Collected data
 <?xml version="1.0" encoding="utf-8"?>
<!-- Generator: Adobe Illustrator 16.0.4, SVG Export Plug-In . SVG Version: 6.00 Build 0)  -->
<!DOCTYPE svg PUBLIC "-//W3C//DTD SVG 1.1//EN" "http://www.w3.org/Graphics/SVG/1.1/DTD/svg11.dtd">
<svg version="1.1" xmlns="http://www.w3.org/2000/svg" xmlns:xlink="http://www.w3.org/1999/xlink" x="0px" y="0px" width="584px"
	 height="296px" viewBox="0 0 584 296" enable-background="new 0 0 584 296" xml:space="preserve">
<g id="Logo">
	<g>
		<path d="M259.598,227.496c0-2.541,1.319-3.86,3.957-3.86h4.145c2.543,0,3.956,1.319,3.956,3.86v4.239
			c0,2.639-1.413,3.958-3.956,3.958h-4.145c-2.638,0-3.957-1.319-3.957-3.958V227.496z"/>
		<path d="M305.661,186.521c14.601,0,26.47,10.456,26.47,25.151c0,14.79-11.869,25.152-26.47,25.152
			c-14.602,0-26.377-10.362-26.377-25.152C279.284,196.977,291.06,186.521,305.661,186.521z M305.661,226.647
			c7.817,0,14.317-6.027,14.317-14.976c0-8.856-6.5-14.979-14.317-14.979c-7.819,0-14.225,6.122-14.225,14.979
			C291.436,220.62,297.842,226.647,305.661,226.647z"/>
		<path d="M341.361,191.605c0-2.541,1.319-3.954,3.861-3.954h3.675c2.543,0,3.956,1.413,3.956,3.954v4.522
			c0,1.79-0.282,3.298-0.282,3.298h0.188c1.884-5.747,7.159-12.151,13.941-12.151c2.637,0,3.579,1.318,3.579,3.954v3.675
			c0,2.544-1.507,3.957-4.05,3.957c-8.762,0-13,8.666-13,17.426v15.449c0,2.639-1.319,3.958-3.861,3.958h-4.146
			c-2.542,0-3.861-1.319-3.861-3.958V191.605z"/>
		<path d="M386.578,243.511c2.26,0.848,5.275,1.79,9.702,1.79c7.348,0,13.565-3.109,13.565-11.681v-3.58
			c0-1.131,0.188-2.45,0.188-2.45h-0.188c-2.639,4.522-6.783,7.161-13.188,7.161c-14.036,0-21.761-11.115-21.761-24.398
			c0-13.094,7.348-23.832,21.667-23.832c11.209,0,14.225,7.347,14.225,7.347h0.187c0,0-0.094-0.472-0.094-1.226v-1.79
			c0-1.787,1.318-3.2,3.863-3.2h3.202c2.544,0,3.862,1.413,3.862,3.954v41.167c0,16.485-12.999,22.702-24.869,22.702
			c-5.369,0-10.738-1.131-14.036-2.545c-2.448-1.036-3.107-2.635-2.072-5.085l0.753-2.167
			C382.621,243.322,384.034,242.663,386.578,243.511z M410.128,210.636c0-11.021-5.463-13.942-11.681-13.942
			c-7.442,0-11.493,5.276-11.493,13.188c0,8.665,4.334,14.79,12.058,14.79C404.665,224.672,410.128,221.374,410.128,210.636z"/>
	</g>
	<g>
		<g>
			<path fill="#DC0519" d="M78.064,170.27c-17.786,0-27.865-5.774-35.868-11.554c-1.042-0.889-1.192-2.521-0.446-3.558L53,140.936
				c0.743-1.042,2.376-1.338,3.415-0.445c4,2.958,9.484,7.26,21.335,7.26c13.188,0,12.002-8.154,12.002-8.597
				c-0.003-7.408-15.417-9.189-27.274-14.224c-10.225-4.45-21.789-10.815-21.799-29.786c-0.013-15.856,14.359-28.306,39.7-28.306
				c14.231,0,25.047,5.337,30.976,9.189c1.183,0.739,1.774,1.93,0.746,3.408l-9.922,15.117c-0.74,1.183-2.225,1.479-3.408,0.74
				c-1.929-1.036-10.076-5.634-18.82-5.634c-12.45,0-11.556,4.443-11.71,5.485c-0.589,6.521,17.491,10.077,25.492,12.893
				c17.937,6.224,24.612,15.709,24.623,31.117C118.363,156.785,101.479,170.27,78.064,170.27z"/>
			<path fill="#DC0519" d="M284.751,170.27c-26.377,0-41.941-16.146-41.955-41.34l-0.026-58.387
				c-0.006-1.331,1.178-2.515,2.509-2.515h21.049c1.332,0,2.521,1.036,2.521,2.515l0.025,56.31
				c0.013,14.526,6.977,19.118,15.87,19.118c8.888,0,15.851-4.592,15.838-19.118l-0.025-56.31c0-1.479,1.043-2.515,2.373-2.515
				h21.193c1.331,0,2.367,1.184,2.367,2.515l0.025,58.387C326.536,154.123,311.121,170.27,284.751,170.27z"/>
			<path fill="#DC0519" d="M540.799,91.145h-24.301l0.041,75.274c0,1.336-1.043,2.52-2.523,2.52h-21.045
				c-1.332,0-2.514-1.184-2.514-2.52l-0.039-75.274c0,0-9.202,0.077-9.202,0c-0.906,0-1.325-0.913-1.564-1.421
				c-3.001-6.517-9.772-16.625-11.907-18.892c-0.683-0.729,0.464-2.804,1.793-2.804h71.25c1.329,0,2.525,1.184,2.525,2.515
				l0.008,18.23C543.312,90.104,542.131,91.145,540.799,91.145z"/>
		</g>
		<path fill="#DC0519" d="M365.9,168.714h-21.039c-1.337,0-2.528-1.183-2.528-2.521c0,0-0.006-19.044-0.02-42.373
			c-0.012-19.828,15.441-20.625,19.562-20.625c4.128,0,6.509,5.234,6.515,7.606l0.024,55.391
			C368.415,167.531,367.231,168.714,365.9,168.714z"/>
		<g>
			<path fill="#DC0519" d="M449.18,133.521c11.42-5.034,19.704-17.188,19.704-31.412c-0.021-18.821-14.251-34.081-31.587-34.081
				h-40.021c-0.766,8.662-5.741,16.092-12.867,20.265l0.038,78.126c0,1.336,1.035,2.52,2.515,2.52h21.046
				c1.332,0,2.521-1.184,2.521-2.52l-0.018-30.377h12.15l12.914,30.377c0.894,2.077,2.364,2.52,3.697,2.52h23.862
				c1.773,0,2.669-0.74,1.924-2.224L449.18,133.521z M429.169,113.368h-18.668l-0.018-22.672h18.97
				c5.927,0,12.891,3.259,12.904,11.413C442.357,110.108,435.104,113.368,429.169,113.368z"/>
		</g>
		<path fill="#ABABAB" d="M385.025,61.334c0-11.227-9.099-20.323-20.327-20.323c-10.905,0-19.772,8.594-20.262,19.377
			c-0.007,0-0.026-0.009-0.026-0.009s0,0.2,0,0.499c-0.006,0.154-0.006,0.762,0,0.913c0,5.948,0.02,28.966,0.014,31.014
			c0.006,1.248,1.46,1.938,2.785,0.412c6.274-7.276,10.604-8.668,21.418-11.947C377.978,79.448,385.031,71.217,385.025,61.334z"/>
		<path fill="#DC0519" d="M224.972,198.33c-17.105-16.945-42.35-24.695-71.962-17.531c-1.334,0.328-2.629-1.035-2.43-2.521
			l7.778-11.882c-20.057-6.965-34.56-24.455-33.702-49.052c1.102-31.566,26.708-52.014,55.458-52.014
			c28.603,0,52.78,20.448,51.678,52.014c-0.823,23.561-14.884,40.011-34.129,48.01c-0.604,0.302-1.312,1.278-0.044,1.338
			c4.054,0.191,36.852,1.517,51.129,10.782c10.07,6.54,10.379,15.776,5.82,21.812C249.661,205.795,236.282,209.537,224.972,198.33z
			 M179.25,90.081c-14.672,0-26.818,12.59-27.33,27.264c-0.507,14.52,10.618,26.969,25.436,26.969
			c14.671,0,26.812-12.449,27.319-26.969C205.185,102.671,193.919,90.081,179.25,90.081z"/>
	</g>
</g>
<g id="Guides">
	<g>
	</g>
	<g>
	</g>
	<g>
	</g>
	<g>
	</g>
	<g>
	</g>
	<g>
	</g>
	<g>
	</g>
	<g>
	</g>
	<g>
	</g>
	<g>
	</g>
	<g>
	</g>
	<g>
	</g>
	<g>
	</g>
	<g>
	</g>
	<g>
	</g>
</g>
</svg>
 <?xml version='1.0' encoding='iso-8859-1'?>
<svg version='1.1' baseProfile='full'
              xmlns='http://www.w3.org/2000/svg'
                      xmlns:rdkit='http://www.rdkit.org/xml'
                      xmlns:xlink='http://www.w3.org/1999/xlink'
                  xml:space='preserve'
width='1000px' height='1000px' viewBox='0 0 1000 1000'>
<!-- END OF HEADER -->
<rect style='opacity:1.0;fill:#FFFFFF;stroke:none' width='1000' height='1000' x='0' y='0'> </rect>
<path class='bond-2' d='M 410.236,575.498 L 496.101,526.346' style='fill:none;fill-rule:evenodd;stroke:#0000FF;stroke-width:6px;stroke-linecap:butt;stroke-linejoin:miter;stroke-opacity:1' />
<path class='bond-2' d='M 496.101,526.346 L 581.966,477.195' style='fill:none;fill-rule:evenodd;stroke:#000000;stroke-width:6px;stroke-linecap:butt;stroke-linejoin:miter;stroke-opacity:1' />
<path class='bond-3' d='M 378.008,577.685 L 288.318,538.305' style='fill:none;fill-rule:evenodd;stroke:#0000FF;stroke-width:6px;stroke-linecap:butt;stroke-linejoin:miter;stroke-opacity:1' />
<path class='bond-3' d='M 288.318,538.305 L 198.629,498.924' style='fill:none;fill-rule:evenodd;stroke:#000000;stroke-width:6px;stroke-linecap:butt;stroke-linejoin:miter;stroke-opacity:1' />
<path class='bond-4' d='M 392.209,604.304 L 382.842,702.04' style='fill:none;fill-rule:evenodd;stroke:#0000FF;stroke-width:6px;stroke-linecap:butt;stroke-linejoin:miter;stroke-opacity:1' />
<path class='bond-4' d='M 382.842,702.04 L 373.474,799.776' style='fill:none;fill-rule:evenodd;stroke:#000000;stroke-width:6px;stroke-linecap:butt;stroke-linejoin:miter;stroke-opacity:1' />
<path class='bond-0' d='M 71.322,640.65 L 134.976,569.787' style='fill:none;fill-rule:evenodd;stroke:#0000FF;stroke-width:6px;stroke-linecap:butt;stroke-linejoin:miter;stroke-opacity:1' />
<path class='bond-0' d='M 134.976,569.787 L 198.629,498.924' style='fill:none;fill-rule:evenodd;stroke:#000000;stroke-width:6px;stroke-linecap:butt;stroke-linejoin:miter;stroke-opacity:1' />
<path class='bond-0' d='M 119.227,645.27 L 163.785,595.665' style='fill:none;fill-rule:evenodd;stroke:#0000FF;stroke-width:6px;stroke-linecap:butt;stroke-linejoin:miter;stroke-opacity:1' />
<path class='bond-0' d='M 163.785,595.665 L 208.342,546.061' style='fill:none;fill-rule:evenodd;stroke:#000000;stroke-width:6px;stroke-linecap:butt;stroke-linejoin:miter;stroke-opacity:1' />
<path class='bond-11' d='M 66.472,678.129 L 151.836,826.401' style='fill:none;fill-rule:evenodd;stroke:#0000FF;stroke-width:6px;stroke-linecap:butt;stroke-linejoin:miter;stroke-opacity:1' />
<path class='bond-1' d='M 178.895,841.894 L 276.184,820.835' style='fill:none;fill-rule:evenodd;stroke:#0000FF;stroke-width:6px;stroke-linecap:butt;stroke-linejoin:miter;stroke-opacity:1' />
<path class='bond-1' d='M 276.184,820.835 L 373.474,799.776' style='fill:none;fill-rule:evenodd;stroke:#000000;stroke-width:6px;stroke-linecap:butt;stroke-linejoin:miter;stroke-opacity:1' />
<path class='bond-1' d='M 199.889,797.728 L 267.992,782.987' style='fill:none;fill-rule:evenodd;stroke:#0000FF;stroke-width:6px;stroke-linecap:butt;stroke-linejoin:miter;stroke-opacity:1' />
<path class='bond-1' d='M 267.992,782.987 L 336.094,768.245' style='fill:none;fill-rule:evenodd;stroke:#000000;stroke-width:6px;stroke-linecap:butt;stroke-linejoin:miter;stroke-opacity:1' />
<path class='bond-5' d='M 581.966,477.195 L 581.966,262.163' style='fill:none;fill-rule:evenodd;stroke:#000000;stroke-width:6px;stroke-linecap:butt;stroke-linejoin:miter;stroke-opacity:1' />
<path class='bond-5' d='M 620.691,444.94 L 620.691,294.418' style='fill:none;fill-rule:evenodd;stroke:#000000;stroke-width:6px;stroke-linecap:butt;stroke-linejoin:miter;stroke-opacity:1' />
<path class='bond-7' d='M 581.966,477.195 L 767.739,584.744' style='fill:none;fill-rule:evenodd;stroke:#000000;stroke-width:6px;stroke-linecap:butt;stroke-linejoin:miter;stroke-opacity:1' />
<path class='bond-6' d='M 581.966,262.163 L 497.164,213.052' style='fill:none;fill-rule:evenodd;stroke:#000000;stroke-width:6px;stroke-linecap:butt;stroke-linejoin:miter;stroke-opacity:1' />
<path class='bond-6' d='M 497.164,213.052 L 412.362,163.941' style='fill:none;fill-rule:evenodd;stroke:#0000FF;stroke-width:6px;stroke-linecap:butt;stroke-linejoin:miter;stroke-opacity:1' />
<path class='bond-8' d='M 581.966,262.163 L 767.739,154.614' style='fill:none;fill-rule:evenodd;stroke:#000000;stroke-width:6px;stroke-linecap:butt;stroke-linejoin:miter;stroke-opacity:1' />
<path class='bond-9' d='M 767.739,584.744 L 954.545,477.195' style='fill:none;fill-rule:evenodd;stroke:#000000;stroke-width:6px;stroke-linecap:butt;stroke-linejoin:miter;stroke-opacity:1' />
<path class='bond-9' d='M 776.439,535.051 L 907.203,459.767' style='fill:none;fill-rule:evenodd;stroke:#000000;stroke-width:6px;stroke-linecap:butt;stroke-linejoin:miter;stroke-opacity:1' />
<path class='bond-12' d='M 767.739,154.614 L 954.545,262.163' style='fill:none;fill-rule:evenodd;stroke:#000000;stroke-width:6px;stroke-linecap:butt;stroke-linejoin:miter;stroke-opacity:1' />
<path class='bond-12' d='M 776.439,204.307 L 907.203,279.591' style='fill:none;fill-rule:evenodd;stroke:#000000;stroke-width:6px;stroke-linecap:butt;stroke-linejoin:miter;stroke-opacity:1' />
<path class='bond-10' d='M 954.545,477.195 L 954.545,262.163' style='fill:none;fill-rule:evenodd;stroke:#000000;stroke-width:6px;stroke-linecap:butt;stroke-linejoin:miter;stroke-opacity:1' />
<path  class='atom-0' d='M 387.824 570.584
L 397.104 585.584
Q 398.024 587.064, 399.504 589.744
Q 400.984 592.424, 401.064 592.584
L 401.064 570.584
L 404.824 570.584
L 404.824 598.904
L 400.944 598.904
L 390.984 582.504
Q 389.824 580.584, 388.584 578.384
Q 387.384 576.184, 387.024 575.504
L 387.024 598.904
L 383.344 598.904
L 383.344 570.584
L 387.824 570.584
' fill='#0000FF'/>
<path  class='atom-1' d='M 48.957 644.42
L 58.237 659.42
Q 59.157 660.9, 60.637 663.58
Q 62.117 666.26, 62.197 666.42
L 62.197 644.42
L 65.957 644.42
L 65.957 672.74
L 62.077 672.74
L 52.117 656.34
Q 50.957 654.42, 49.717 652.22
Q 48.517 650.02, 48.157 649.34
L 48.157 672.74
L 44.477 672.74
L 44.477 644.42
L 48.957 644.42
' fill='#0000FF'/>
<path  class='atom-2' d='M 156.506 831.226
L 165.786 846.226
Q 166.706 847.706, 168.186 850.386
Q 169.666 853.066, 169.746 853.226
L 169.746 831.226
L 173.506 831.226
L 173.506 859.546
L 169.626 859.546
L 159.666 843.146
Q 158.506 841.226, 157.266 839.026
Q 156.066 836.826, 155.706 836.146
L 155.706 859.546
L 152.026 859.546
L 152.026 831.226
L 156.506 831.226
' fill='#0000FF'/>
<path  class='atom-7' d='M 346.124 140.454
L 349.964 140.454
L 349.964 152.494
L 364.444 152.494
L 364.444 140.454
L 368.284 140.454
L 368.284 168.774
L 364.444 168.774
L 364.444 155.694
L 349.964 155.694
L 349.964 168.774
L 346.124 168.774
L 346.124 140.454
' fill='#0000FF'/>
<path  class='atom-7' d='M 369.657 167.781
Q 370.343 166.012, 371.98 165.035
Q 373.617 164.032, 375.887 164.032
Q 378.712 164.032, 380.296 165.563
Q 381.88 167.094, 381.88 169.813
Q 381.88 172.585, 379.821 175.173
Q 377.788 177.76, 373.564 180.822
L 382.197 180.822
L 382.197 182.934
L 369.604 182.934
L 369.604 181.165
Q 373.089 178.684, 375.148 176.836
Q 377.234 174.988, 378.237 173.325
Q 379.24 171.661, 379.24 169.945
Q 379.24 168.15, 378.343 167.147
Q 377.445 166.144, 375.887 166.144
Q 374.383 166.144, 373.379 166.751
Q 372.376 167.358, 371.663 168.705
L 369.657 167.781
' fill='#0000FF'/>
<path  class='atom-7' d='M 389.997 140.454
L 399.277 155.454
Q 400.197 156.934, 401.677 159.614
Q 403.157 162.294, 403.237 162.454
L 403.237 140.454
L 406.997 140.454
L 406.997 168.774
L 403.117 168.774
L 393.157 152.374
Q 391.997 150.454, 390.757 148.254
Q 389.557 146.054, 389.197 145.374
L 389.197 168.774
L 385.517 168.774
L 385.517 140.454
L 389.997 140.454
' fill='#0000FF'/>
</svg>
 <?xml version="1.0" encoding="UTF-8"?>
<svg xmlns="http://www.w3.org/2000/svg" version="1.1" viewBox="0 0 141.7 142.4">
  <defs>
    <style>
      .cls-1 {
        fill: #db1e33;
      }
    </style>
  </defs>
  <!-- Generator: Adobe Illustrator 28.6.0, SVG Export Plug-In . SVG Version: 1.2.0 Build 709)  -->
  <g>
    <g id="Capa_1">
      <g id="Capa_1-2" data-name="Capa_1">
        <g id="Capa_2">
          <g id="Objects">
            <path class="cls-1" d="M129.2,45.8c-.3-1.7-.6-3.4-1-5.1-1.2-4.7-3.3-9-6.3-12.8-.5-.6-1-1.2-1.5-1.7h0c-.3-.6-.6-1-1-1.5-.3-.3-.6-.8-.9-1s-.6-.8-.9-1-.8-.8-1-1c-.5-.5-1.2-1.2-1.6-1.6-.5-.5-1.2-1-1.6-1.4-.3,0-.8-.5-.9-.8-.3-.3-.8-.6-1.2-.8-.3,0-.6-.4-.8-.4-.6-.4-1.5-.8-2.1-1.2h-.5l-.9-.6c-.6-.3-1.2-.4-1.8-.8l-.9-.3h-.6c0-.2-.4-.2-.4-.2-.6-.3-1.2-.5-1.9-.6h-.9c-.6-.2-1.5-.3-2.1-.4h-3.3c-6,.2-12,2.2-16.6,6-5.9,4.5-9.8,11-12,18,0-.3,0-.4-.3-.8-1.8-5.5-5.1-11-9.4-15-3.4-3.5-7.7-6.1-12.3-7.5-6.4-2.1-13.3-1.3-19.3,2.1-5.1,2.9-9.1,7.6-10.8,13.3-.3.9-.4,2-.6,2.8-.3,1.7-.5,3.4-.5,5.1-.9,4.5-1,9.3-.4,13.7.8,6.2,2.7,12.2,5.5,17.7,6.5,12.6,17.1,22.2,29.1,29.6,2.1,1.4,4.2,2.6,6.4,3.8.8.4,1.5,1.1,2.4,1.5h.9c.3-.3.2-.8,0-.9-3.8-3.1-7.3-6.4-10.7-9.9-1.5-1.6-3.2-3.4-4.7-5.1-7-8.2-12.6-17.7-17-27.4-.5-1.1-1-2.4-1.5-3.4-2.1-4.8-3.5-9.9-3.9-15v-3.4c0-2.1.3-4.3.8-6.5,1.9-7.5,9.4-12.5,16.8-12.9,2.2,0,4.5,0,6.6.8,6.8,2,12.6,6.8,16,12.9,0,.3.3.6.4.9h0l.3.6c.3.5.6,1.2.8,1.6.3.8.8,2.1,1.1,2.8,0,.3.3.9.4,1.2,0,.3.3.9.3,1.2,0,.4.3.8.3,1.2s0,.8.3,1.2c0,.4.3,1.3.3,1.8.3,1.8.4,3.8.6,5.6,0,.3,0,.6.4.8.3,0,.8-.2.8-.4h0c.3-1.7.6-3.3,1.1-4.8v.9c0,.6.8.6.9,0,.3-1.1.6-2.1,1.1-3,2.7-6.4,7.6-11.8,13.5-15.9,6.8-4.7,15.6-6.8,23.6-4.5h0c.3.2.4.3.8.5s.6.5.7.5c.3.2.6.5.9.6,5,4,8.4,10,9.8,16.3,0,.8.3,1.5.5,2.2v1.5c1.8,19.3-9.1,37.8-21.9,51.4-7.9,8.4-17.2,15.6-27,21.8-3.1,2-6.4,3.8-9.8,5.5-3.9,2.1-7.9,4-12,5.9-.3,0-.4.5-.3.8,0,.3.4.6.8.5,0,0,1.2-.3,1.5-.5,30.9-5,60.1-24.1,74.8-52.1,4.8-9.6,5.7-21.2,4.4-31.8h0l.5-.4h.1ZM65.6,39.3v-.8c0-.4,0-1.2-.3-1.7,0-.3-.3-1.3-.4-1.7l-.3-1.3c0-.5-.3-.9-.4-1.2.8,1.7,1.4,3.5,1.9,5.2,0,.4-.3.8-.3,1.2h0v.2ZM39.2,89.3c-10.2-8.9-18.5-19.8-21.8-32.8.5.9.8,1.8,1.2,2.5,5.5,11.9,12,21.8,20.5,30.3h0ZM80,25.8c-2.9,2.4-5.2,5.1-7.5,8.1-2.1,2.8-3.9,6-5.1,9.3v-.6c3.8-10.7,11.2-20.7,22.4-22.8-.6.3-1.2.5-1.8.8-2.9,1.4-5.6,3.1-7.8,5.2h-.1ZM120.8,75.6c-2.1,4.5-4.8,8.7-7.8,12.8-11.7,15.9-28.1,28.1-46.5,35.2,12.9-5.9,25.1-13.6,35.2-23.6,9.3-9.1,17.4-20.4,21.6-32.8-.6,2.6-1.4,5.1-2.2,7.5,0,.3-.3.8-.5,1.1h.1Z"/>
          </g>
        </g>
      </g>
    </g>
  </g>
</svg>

◆ **Exercise requirements**:
Retrieve every line above holding the word "http".

◆ **Exercise response**:
<!DOCTYPE svg PUBLIC "-//W3C//DTD SVG 1.1//EN" "http://www.w3.org/Graphics/SVG/1.1/DTD/svg11.dtd">
<svg version="1.1" xmlns="http://www.w3.org/2000/svg" xmlns:xlink="http://www.w3.org/1999/xlink" x="0px" y="0px" width="584px"
              xmlns='http://www.w3.org/2000/svg'
                      xmlns:rdkit='http://www.rdkit.org/xml'
                      xmlns:xlink='http://www.w3.org/1999/xlink'
<svg xmlns="http://www.w3.org/2000/svg" version="1.1" viewBox="0 0 141.7 142.4">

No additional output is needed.